With increased on-chain activity, comes elevated fee pressure. The 2yr Z-Score below is designed such that an increase in fee pressure relative to the recent bear market will stand out.
We can see that this has now flipped positive, suggesting demand for Bitcoin blockspace has increased by a statistically meaningful amount.
Bringing it All Together
The above suite of indicators consider the Bitcoin on-chain environment from a number of angles. Generally speaking, the behavior of Bitcoin investors has been remarkably consistent over cycles, which allows us to develop tools that find confluence.
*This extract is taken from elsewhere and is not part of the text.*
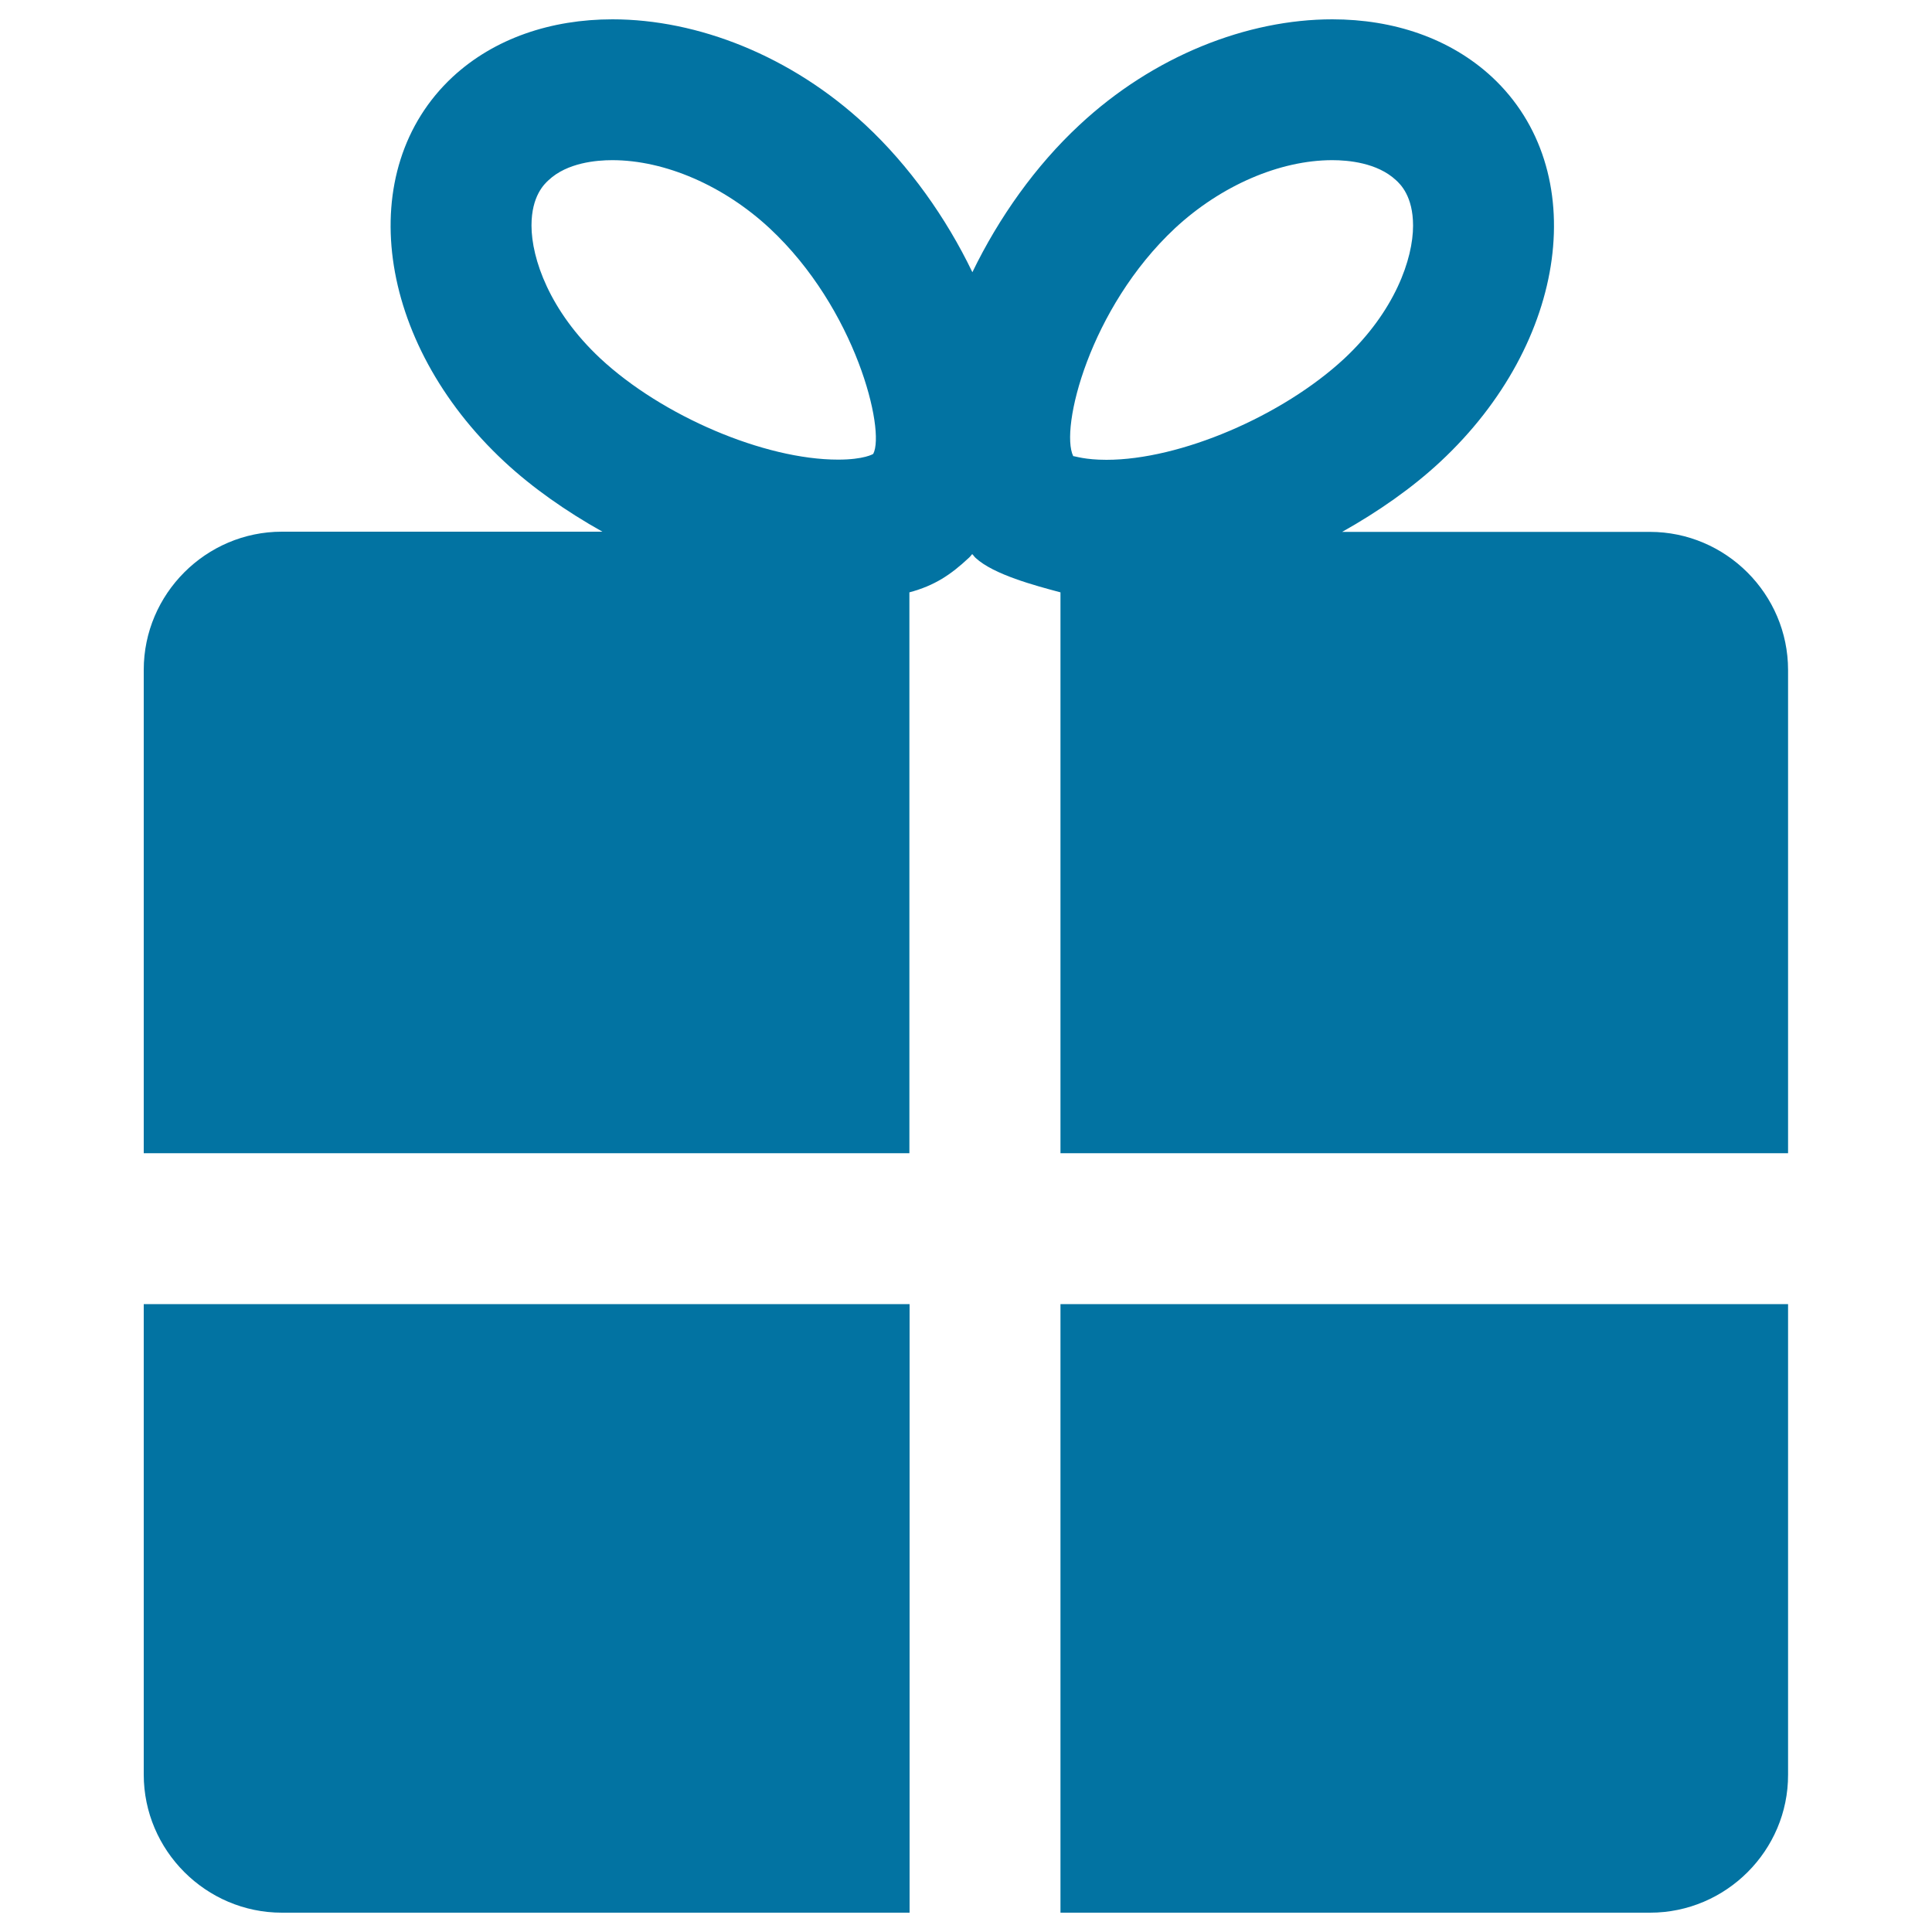 <svg xmlns="http://www.w3.org/2000/svg" viewBox="0 0 1000 1000" style="fill:#0273a2">
<title>Gift box SVG icon</title>
<path d="M854.1,990H548.9V675h376.6v243.6C925.6,957.8,893.4,990,854.1,990L854.1,990z M548.9,306.6c-13.1-3.5-34.6-9.2-43.9-17.8c-0.7-0.6-1.1-1.4-1.8-2c-0.6,0.7-1.1,1.4-1.8,2c-9.2,8.6-17.6,14.3-30.7,17.8v290.3H74.4V346.7c0-39.3,32.2-71.5,71.5-71.5h165.9c-18.7-10.5-36.2-22.7-50.8-36.3c-66.4-61.8-78.4-151-26.7-199.1C255.9,19.8,285.3,10,317,10c44,0,92.5,18.8,131.1,54.8c22.4,20.9,41.6,47.8,55.2,76.1c13.7-28.3,32.8-55.2,55.3-76.1C597.1,28.8,645.7,10,689.6,10c31.7,0,61,9.8,82.7,29.9C823.9,88,811.9,177.2,745.5,239c-14.6,13.6-32.1,25.8-50.8,36.3h159.3c39.3,0,71.5,32.2,71.5,71.5v250.1H548.9V306.6L548.9,306.6z M398.3,118.1c-23.7-22-54.1-35.2-81.4-35.2c-8.2,0-23.3,1.3-32.9,10.3c-2.2,2-8.9,8.2-8.9,23.5c0,17.2,9.4,44.3,35.6,68.8c32.1,29.9,85,52.4,123.1,52.4c13.4,0,18.2-2.9,18.2-3C458.3,222.7,443.1,159.8,398.3,118.1L398.3,118.1z M555.5,236.1C555.5,236.1,555.6,236.1,555.5,236.1c1,0,6.1,1.9,17.2,1.9c38.1,0,91-22.6,123.1-52.4c26.2-24.5,35.6-51.6,35.6-68.8c0-15.3-6.6-21.5-8.9-23.6c-9.7-9-24.7-10.3-32.9-10.3c-27.3,0-57.7,13.2-81.4,35.2C563.9,159.5,548.5,221.8,555.5,236.1L555.5,236.1z M470.9,990H145.9c-39.3,0-71.5-32.2-71.5-71.5V675h396.4V990L470.9,990z"/>
</svg>

The chart below is one of our on-chain signals, which uses eight metrics, across four areas, and seeks confluence pointing to a healthy and robust market recovery. As can be seen, the current market has 8-of-8 indicators in positive territory, suggesting the Bitcoin bear could very well be behind us.
🪟 Related Dashboard: This chart is available within our Recovering From a Bitcoin Bear Signals dashboard, designed to identify confluence of a robust market recovery.
Summary and Conclusions
Whilst Bitcoin and digital assets experience a relatively high degree of market volatility, many on-chain indicators, which reflect collective human decisions, are surprisingly consistent.
Exactly 64-weeks ago, we covered how several on-chain indicators were likely entering bear market territory (WoC 4-2022: Sizing Up a Bitcoin Bear). Readers may also find our review of the May 2021 Sell-off informative, as this can be argued to be the 'psychological start' of the bear.
In this piece, we cover how several on-chain indicators are suggesting that bear market conditions (or at least the worst of it) may now be behind us. Bitcoin sits in somewhat neutral territory, and above the foundation forming supply cluster between $16k to $25k, where significant coin volume changed hands. We note that much of this supply remains tightly held by those buyers, whilst profits are being taken (WoC 12), and network utilization is improving, all supporting the strong market performance YTD.
Disclaimer: This report does not provide any investment advice. All data is provided for information and educational purposes only. No investment decision shall be based on the information provided here and you are solely responsible for your own investment decisions.